ASSIGNMENT: Only one stretch of the data is wanted: the line containing "#7060 = CARTESIAN_POINT ('', (0., 0., 17.5));", the line containing "#13240 = VERTEX_POINT ('', #13230);", and every line between them, copied exactly.

[Opening THE INPUT section]

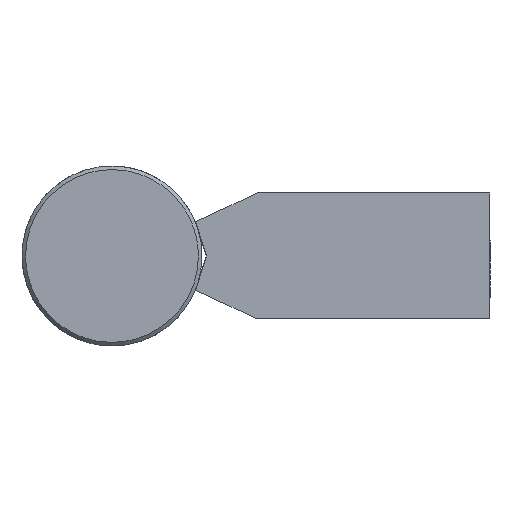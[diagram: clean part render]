
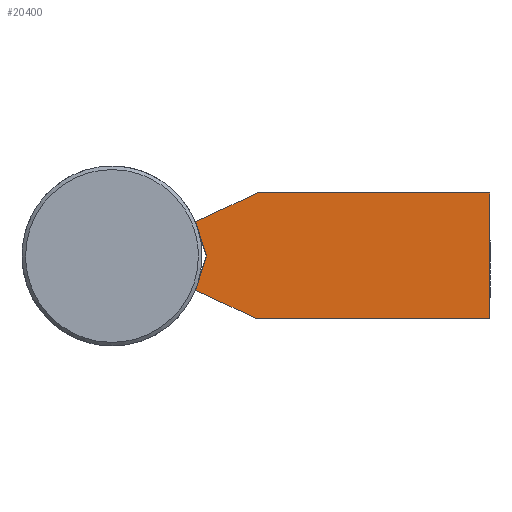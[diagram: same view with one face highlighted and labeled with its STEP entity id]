
A CAD part, left-side view. The second image highlights one B-rep face of the part: STEP entity #20400.
In plain terms, the highlighted free-form (B-spline) face has degree [1, 1] with [2, 2] control points.
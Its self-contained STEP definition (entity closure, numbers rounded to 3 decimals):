
#1390 = CARTESIAN_POINT ('', (0., 78.797, 0.));
#1400 = VERTEX_POINT ('', #1390);
#1460 = CARTESIAN_POINT ('', (0., 81.793, 9.5));
#1470 = VERTEX_POINT ('', #1460);
#1480 = CARTESIAN_POINT ('', (0., 81.793, 9.5));
#1490 = CARTESIAN_POINT ('', (0., 80.794, 6.333));
#1500 = CARTESIAN_POINT ('', (0., 79.796, 3.167));
#1510 = CARTESIAN_POINT ('', (0., 78.797, 0.));
#1520 = B_SPLINE_CURVE_WITH_KNOTS ('', 3, (#1480, #1490, #1500, #1510), .UNSPECIFIED., .F., .U., (4, 4), (0., 1.), .UNSPECIFIED.);
#1530 = EDGE_CURVE ('', #1470, #1400, #1520, .T.);
#3910 = CARTESIAN_POINT ('', (0., 81.793, -9.5));
#3920 = VERTEX_POINT ('', #3910);
#3980 = CARTESIAN_POINT ('', (0., 81.793, -9.5));
#3990 = CARTESIAN_POINT ('', (0., 78.797, 0.));
#4000 = B_SPLINE_CURVE_WITH_KNOTS ('', 1, (#3980, #3990), .UNSPECIFIED., .F., .U., (2, 2), (0., 1.), .UNSPECIFIED.);
#4010 = EDGE_CURVE ('', #3920, #1400, #4000, .T.);
#7060 = CARTESIAN_POINT ('', (0., 0., 17.5));
#7070 = VERTEX_POINT ('', #7060);
#7080 = CARTESIAN_POINT ('', (0., 0., -17.5));
#7090 = VERTEX_POINT ('', #7080);
#7100 = CARTESIAN_POINT ('', (0., 0., 17.5));
#7110 = CARTESIAN_POINT ('', (0., 0., -17.5));
#7120 = B_SPLINE_CURVE_WITH_KNOTS ('', 1, (#7100, #7110), .UNSPECIFIED., .F., .U., (2, 2), (0., 1.), .UNSPECIFIED.);
#7130 = EDGE_CURVE ('', #7070, #7090, #7120, .T.);
#10190 = CARTESIAN_POINT ('', (0., 64.637, -17.5));
#10200 = VERTEX_POINT ('', #10190);
#10210 = CARTESIAN_POINT ('', (0., 64.637, -17.5));
#10220 = CARTESIAN_POINT ('', (0., 0., -17.5));
#10230 = B_SPLINE_CURVE_WITH_KNOTS ('', 1, (#10210, #10220), .UNSPECIFIED., .F., .U., (2, 2), (0., 1.), .UNSPECIFIED.);
#10240 = EDGE_CURVE ('', #10200, #7090, #10230, .T.);
#13230 = CARTESIAN_POINT ('', (0., 64.637, 17.5));
#13240 = VERTEX_POINT ('', #13230);
#13250 = CARTESIAN_POINT ('', (0., 0., 17.5));
#13260 = CARTESIAN_POINT ('', (0., 64.637, 17.5));
#13270 = B_SPLINE_CURVE_WITH_KNOTS ('', 1, (#13250, #13260), .UNSPECIFIED., .F., .U., (2, 2), (0., 1.), .UNSPECIFIED.);
#13280 = EDGE_CURVE ('', #7070, #13240, #13270, .T.);
#20060 = CARTESIAN_POINT ('', (0., 81.793, 9.5));
#20070 = CARTESIAN_POINT ('', (0., 64.637, 17.5));
#20080 = B_SPLINE_CURVE_WITH_KNOTS ('', 1, (#20060, #20070), .UNSPECIFIED., .F., .U., (2, 2), (0., 1.), .UNSPECIFIED.);
#20090 = EDGE_CURVE ('', #1470, #13240, #20080, .T.);
#20220 = CARTESIAN_POINT ('', (0., 64.637, -17.5));
#20230 = CARTESIAN_POINT ('', (0., 81.793, -9.5));
#20240 = B_SPLINE_CURVE_WITH_KNOTS ('', 1, (#20220, #20230), .UNSPECIFIED., .F., .U., (2, 2), (0., 1.), .UNSPECIFIED.);
#20250 = EDGE_CURVE ('', #10200, #3920, #20240, .T.);
#20260 = ORIENTED_EDGE ('', *, *, #20250, .F.);
#20270 = ORIENTED_EDGE ('', *, *, #10240, .T.);
#20280 = ORIENTED_EDGE ('', *, *, #7130, .F.);
#20290 = ORIENTED_EDGE ('', *, *, #13280, .T.);
#20300 = ORIENTED_EDGE ('', *, *, #20090, .F.);
#20310 = ORIENTED_EDGE ('', *, *, #1530, .T.);
#20320 = ORIENTED_EDGE ('', *, *, #4010, .F.);
#20330 = EDGE_LOOP ('', (#20260, #20270, #20280, #20290, #20300, #20310, #20320));
#20340 = FACE_OUTER_BOUND ('', #20330, .T.);
#20350 = CARTESIAN_POINT ('', (0., 0., -17.5));
#20360 = CARTESIAN_POINT ('', (0., 82.283, -17.5));
#20370 = CARTESIAN_POINT ('', (0., 0., 17.5));
#20380 = CARTESIAN_POINT ('', (0., 82.283, 17.5));
#20390 = B_SPLINE_SURFACE_WITH_KNOTS ('', 1, 1, ((#20350, #20360), (#20370, #20380)), .UNSPECIFIED., .F., .F., .U., (2, 2), (2, 2), (0., 1.), (0., 1.), .UNSPECIFIED.);
#20400 = ADVANCED_FACE ('', (#20340), #20390, .T.);

[Closing THE INPUT section]

RESULT FOR THIS EXERCISE:
#7060 = CARTESIAN_POINT ('', (0., 0., 17.5));
#7070 = VERTEX_POINT ('', #7060);
#7080 = CARTESIAN_POINT ('', (0., 0., -17.5));
#7090 = VERTEX_POINT ('', #7080);
#7100 = CARTESIAN_POINT ('', (0., 0., 17.5));
#7110 = CARTESIAN_POINT ('', (0., 0., -17.5));
#7120 = B_SPLINE_CURVE_WITH_KNOTS ('', 1, (#7100, #7110), .UNSPECIFIED., .F., .U., (2, 2), (0., 1.), .UNSPECIFIED.);
#7130 = EDGE_CURVE ('', #7070, #7090, #7120, .T.);
#10190 = CARTESIAN_POINT ('', (0., 64.637, -17.5));
#10200 = VERTEX_POINT ('', #10190);
#10210 = CARTESIAN_POINT ('', (0., 64.637, -17.5));
#10220 = CARTESIAN_POINT ('', (0., 0., -17.5));
#10230 = B_SPLINE_CURVE_WITH_KNOTS ('', 1, (#10210, #10220), .UNSPECIFIED., .F., .U., (2, 2), (0., 1.), .UNSPECIFIED.);
#10240 = EDGE_CURVE ('', #10200, #7090, #10230, .T.);
#13230 = CARTESIAN_POINT ('', (0., 64.637, 17.5));
#13240 = VERTEX_POINT ('', #13230);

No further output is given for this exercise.